I use almost the exact same method to setup the proxy for our apache hosted applications as well. We use a folder based convention on the PHP websites that we are serving and it uses the following configuration:
VirtualDocumentRoot /var/www/%-2.0.%-1/%-3+/
VirtualScriptAlias /var/www/%-2.0.%-1/%-3+/cgi-bin/
This essentially allows us to map domains to folders using the following structure.
http://sub.domain.com/ = /var/www/domain.com/sub/
There is no additional configuration needed to add or remove sites. This is very close to what I am currently using to proxy both apache and node sites. I am able to add new node and new apache sites without modifying this proxy application.
proxy.js
var fs = require('fs');
var httpProxy = require('http-proxy');
var proxyTable = [];
// Map apache proxies
fs.readdirSync('/var/www/').forEach(function(domain) {
fs.readdirSync('/var/www/' + domain).forEach(function(path) {
var fqd = domain + '/' + path;
var port = fs.readFileSync('port', 'ascii');
proxyTable[fqd] = fqd + ':' + 8080;
});
});
// Map node proxies
fs.readdirSync('/var/www-node/').forEach(function(domain) {
var map = fs.readFileSync('map.json', 'ascii');
proxyTable.[map.path] = '127.0.0.1:' + map.port;
});
var options = {
router: proxyTable
};
var proxyServer = httpProxy.createServer(options);
proxyServer.listen(80);
In the future, I will probably decouple the path from the port that the application is listening on, but this configuration allows me to build the proxy map automatically with very little work. Hopefully this helps.
I took some inspiration from #uglymunky and wrote a chef script to do this on Ubuntu.
With this script you can install express and apache with vhost support on a single server using 1 line after you pull down my chef project from github
https://github.com/toranb/ubuntu-web-server
If you have git installed and you pull it down you can kick it off like so ...
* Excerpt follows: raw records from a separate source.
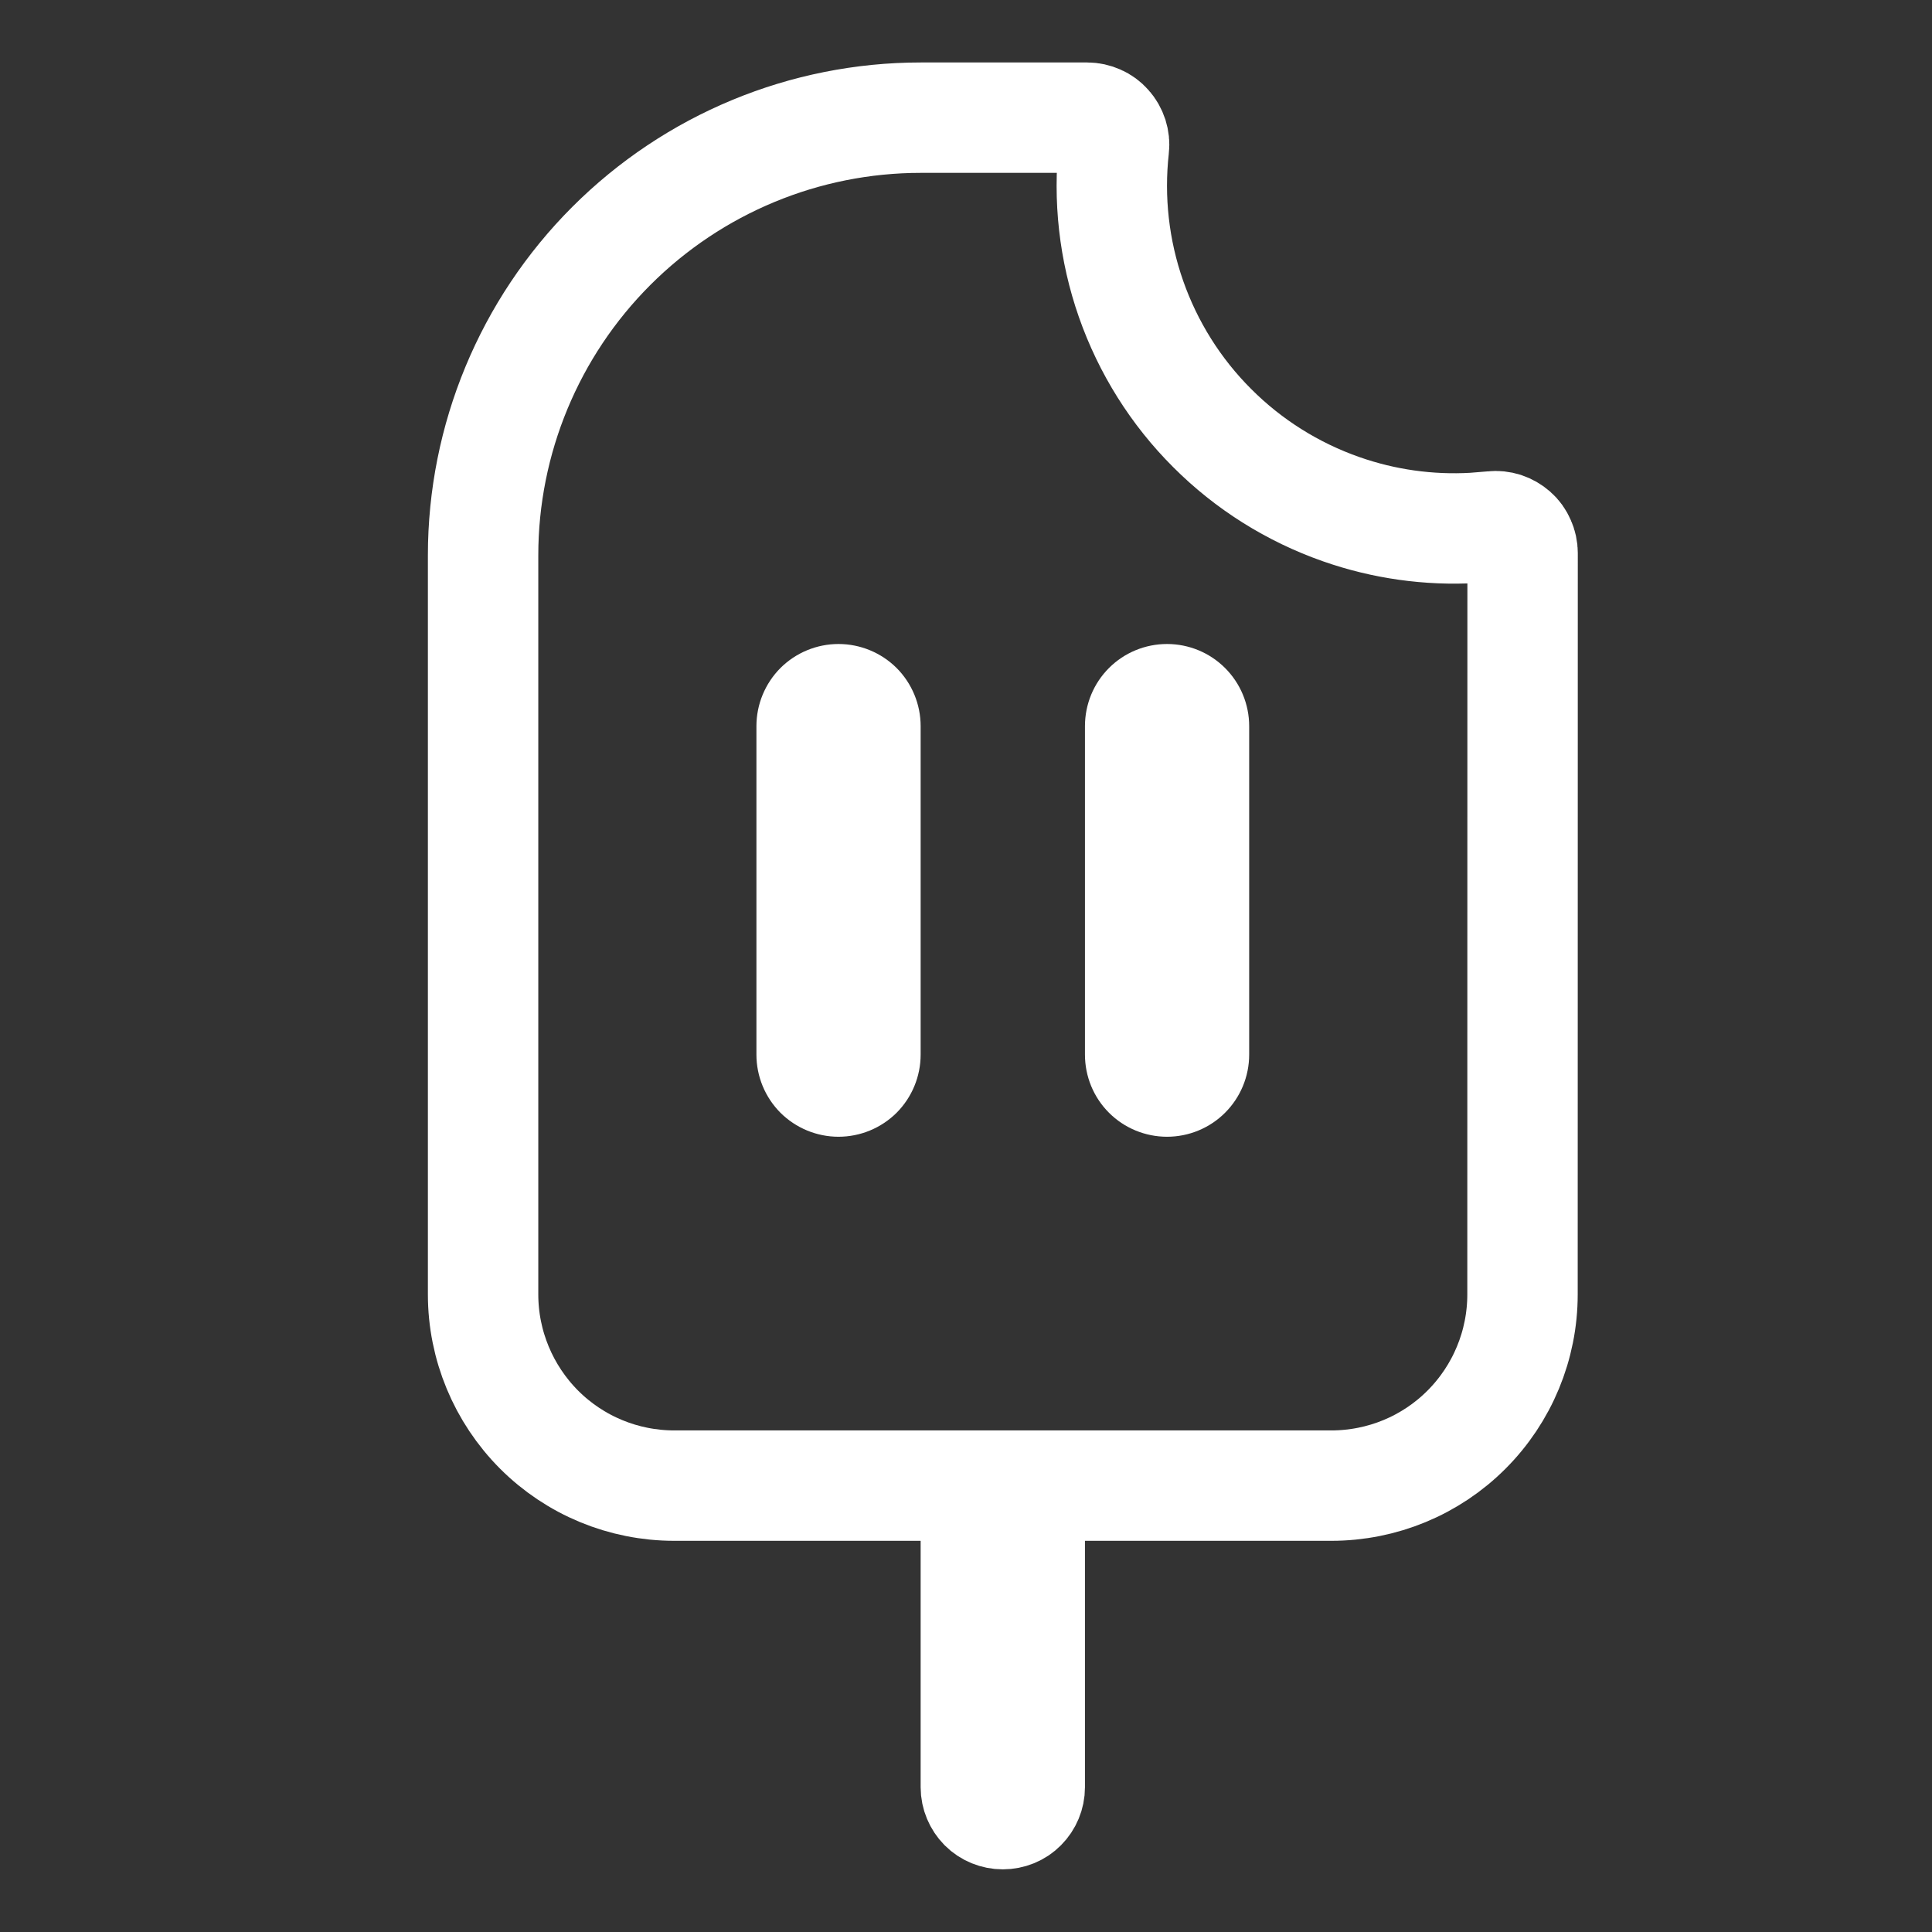 <svg width="21" height="21" viewBox="0 0 21 21" fill="none" xmlns="http://www.w3.org/2000/svg">
<rect x="0" y="0" width="21" height="21" fill="#333333" stroke="none"/>
<g clip-path="url(#clip0_6577_84968)">
<path d="M10.008 1.279H11.817C11.858 1.279 11.899 1.288 11.937 1.305C11.974 1.321 12.008 1.346 12.035 1.377C12.063 1.408 12.083 1.444 12.096 1.483C12.108 1.522 12.113 1.563 12.108 1.604C12.046 2.159 12.109 2.722 12.294 3.25C12.479 3.778 12.78 4.258 13.176 4.653C13.571 5.049 14.051 5.35 14.579 5.535C15.041 5.697 15.53 5.766 16.018 5.738L16.227 5.721C16.267 5.716 16.308 5.721 16.347 5.733C16.386 5.746 16.422 5.767 16.453 5.794C16.484 5.821 16.508 5.855 16.524 5.893C16.541 5.93 16.55 5.971 16.55 6.012L16.549 14.07C16.549 14.621 16.33 15.15 15.94 15.54C15.551 15.93 15.022 16.148 14.471 16.148H11.193V19.427C11.193 19.504 11.162 19.579 11.107 19.634C11.053 19.689 10.978 19.719 10.9 19.719C10.823 19.719 10.748 19.689 10.693 19.634C10.639 19.579 10.607 19.504 10.607 19.427V16.148H7.329C6.778 16.148 6.25 15.93 5.86 15.54C5.471 15.15 5.251 14.621 5.251 14.07V6.036C5.251 4.775 5.753 3.565 6.645 2.673C7.537 1.781 8.746 1.279 10.008 1.279Z" stroke="white" stroke-width="1.2"/>
<path d="M9.746 7.261C9.578 7.094 9.351 7 9.114 7C8.878 7 8.651 7.094 8.483 7.261C8.316 7.429 8.222 7.656 8.222 7.893V11.463C8.222 11.7 8.316 11.927 8.483 12.095C8.651 12.262 8.878 12.356 9.114 12.356C9.351 12.356 9.578 12.262 9.746 12.095C9.913 11.927 10.007 11.7 10.007 11.463V7.893C10.007 7.656 9.913 7.429 9.746 7.261Z" fill="white"/>
<path d="M13.316 7.261C13.149 7.094 12.922 7 12.685 7C12.448 7 12.221 7.094 12.054 7.261C11.886 7.429 11.793 7.656 11.793 7.893V11.463C11.793 11.7 11.886 11.927 12.054 12.095C12.221 12.262 12.448 12.356 12.685 12.356C12.922 12.356 13.149 12.262 13.316 12.095C13.484 11.927 13.578 11.7 13.578 11.463V7.893C13.578 7.656 13.484 7.429 13.316 7.261Z" fill="white"/>
</g>
<defs>
<clipPath id="clip0_6577_84968">
<rect width="20" height="20" fill="white" transform="translate(0.9 0.5)"/>
</clipPath>
</defs>
</svg>
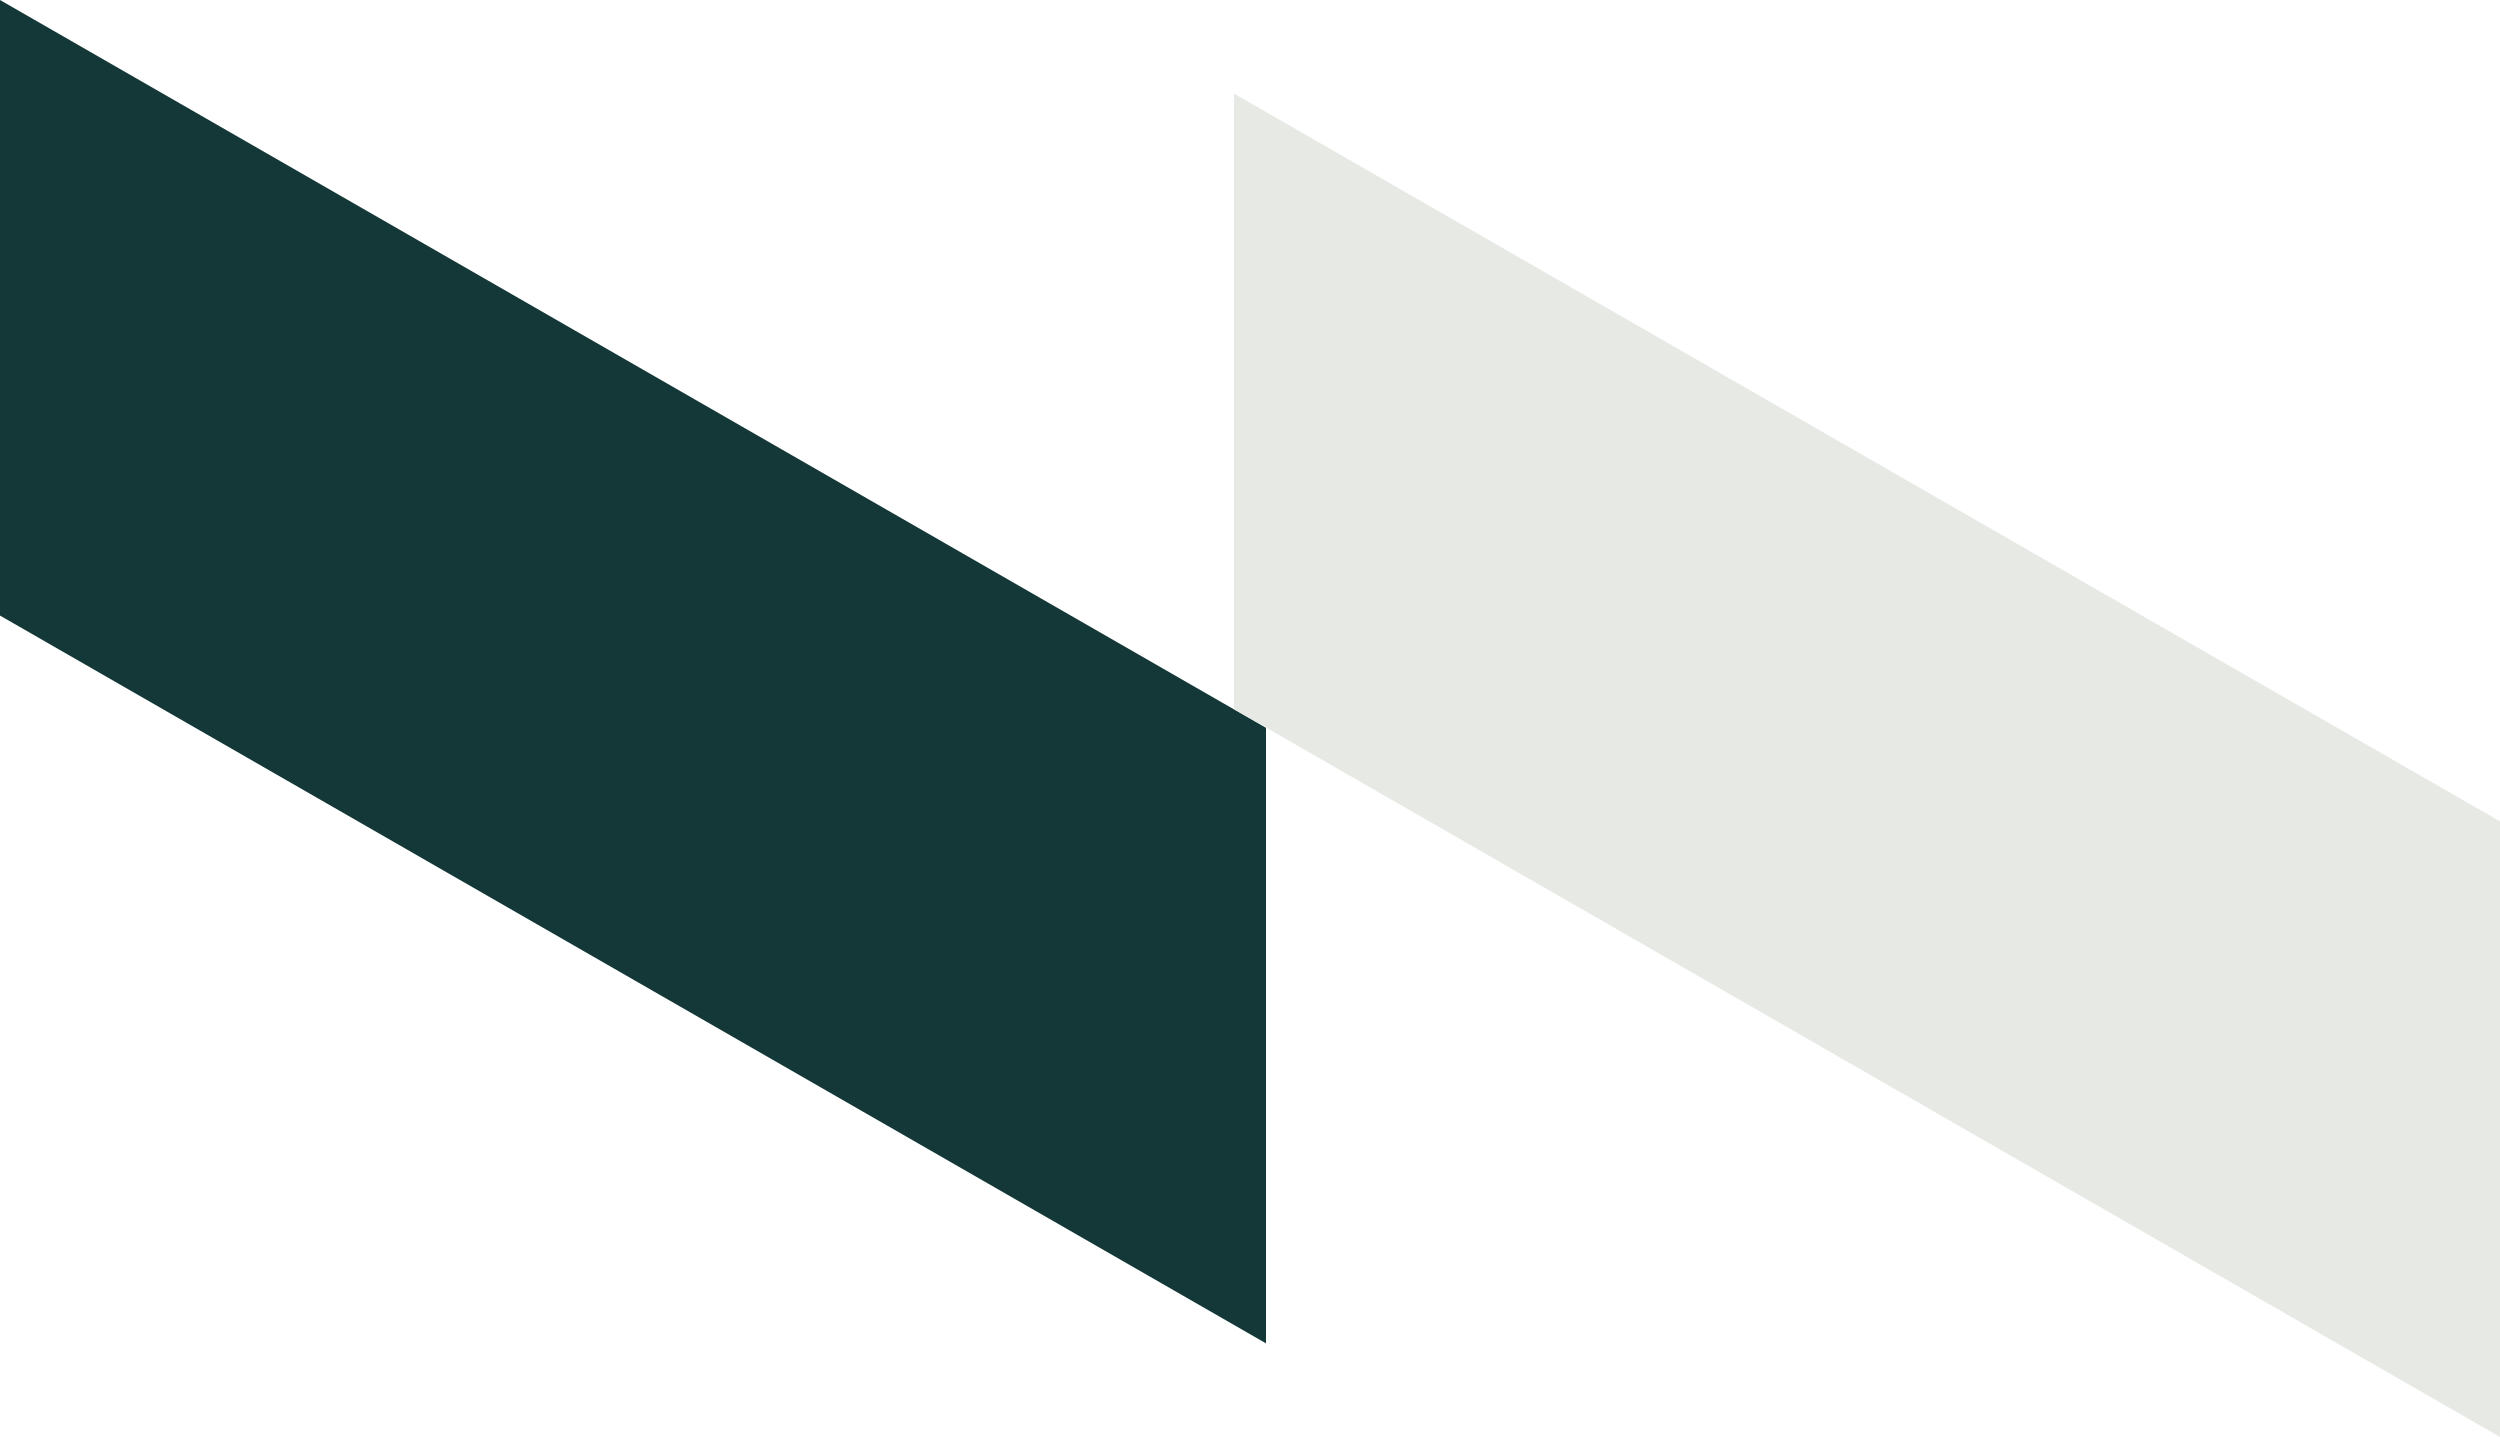 <svg xmlns="http://www.w3.org/2000/svg" id="Livello_1" data-name="Livello 1" viewBox="0 0 523.5 300.9"><defs><style>      .cls-1 {        fill: #e7e9e5;      }      .cls-1, .cls-2 {        stroke-width: 0px;      }      .cls-2 {        fill: #133837;      }    </style></defs><polygon class="cls-2" points="0 0 0 128.9 265.1 281.3 265.1 152.4 0 0"></polygon><polygon class="cls-1" points="258.4 19.6 258.4 148.5 523.5 300.9 523.5 172 258.4 19.6"></polygon></svg>

sudo ./install.sh configuration.json
This does require Ubuntu 12.04 or greater as I took advantage of an upstart script to start node when you reboot the machine
When the script is finished you will have a working ubuntu web server with express to run any node apps you configured, along side apache to run any wsgi apps you configured
I'm working on an extremely minimal and to the point library that can be totally segregated from your projects. Basically the idea would be run this independently on your servers and don't ever worry about having to bundle this in your projects how you would with connect.
Take a look at the config.json file to see how simple it actually is to setup.
I was looking for this and I did find a few things but they didn't support everything I needed which specifically is HTTPS, WS and WSS!
Right now the library I wrote only works for HTTP. But in the next few days I hope to have it finished and working for HTTPS, WS and WSS as well.